------ Records shown

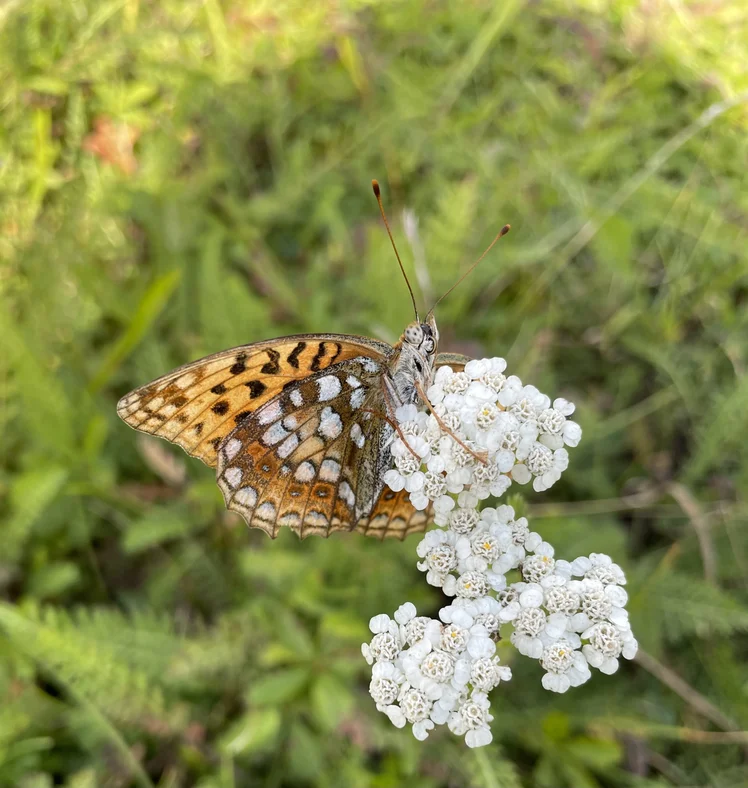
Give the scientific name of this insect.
Fabriciana adippe
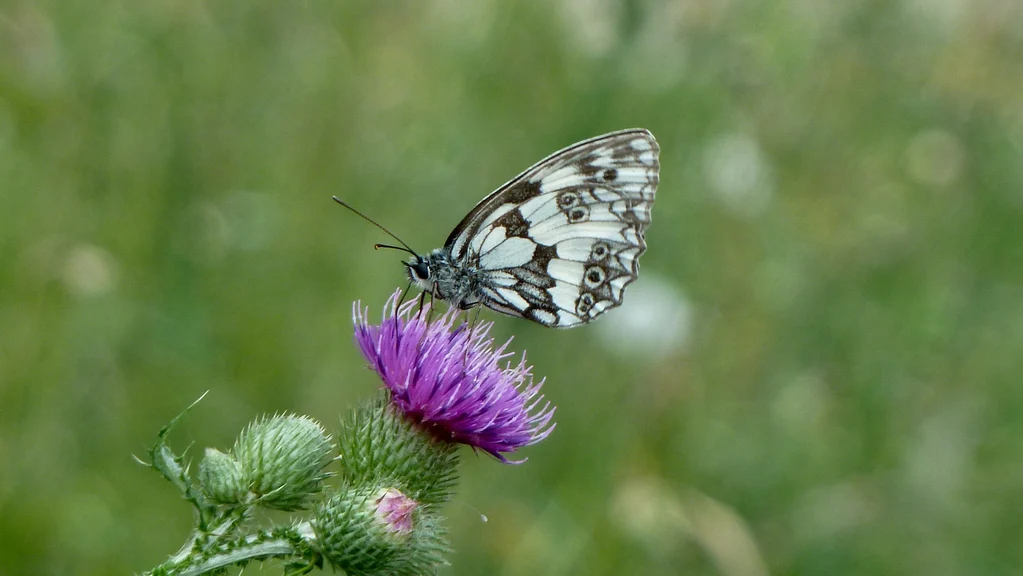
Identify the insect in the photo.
Melanargia galathea
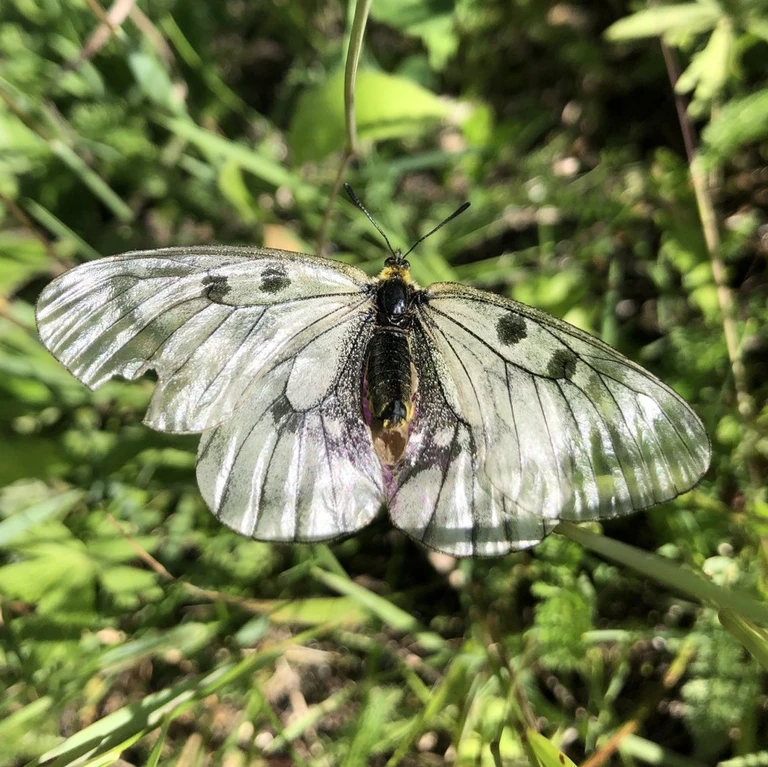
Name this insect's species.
Parnassius mnemosyne
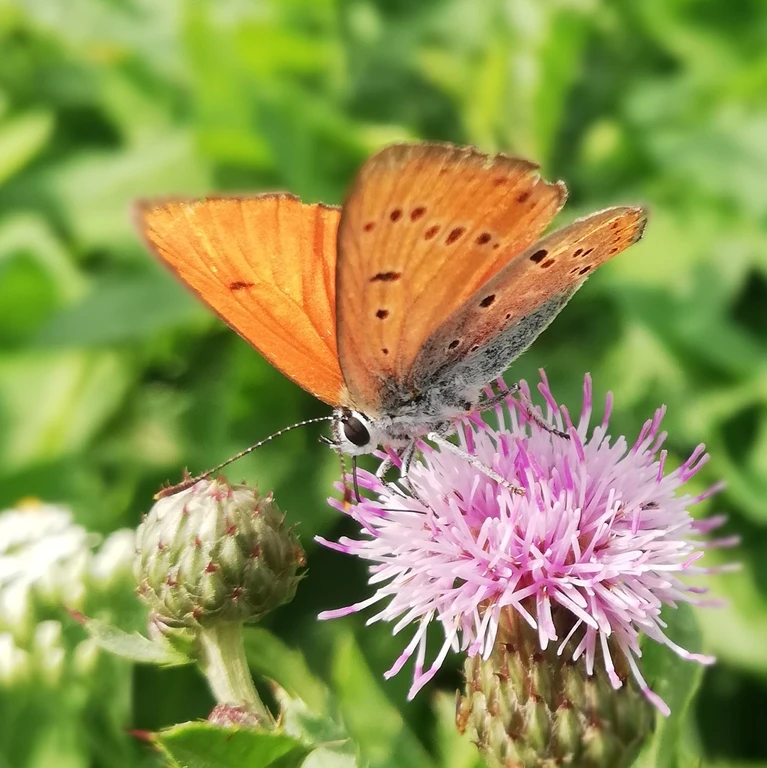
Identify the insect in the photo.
Lycaena dispar
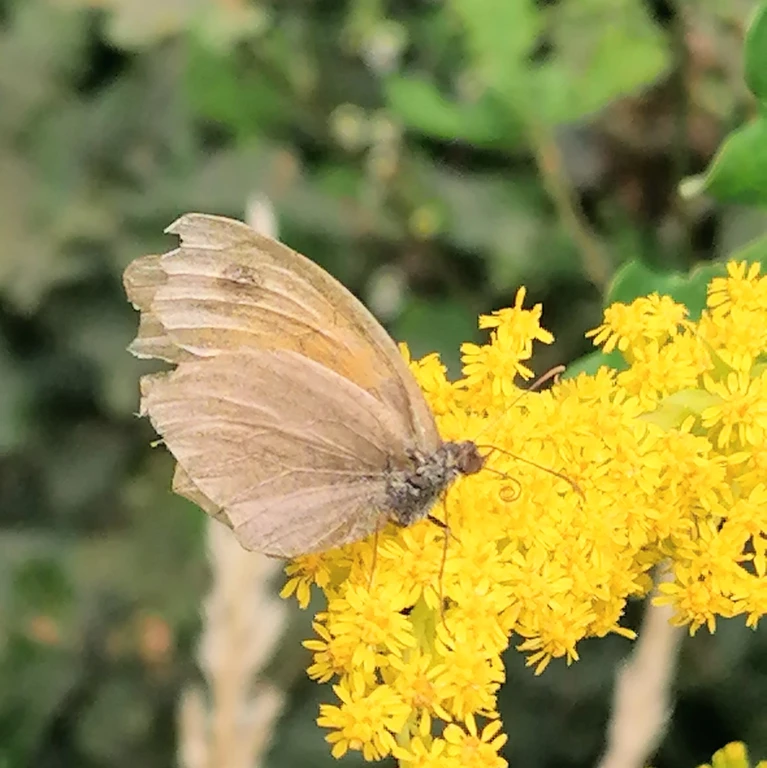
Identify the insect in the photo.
Maniola jurtina
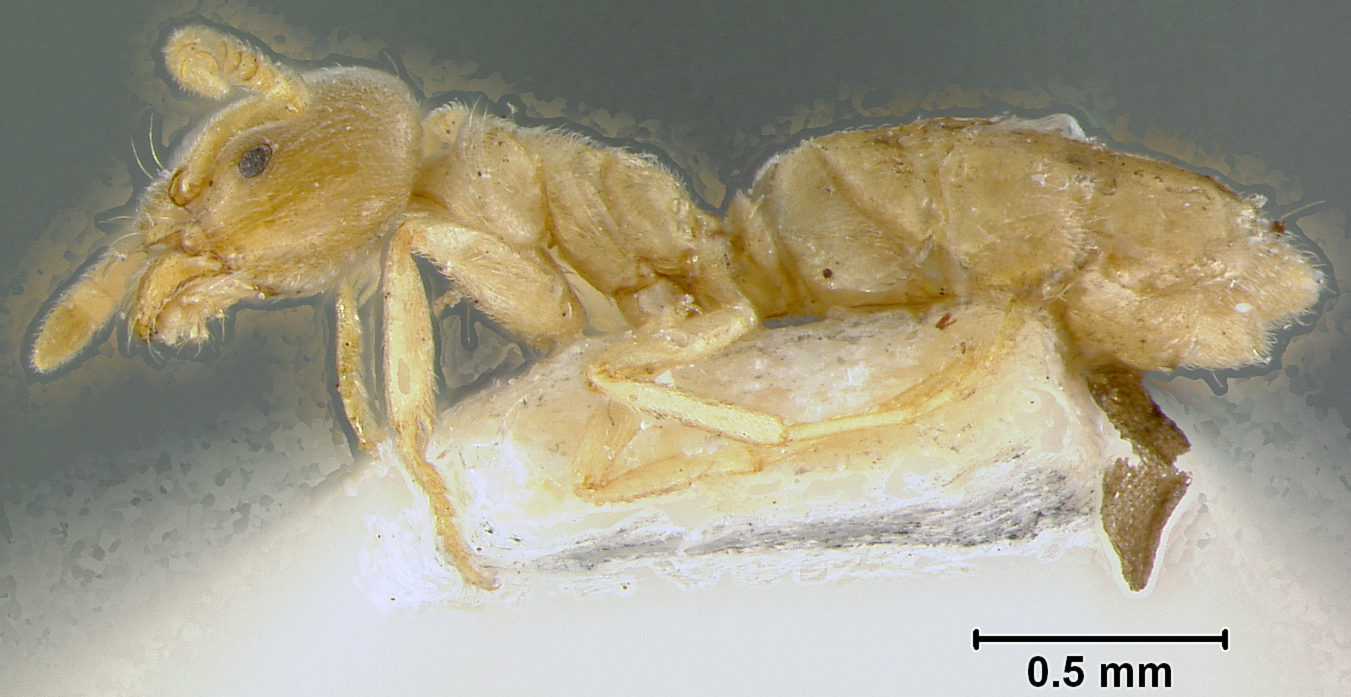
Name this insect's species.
Bothriomyrmex crosi

------------

Return all the material exactly, skipping pictures.

- [Written solution]
Give the scientific name of this insect.
Fabriciana adippe
Identify the insect in the photo.
Melanargia galathea
Name this insect's species.
Parnassius mnemosyne
Identify the insect in the photo.
Lycaena dispar
Identify the insect in the photo.
Maniola jurtina
Name this insect's species.
Bothriomyrmex crosi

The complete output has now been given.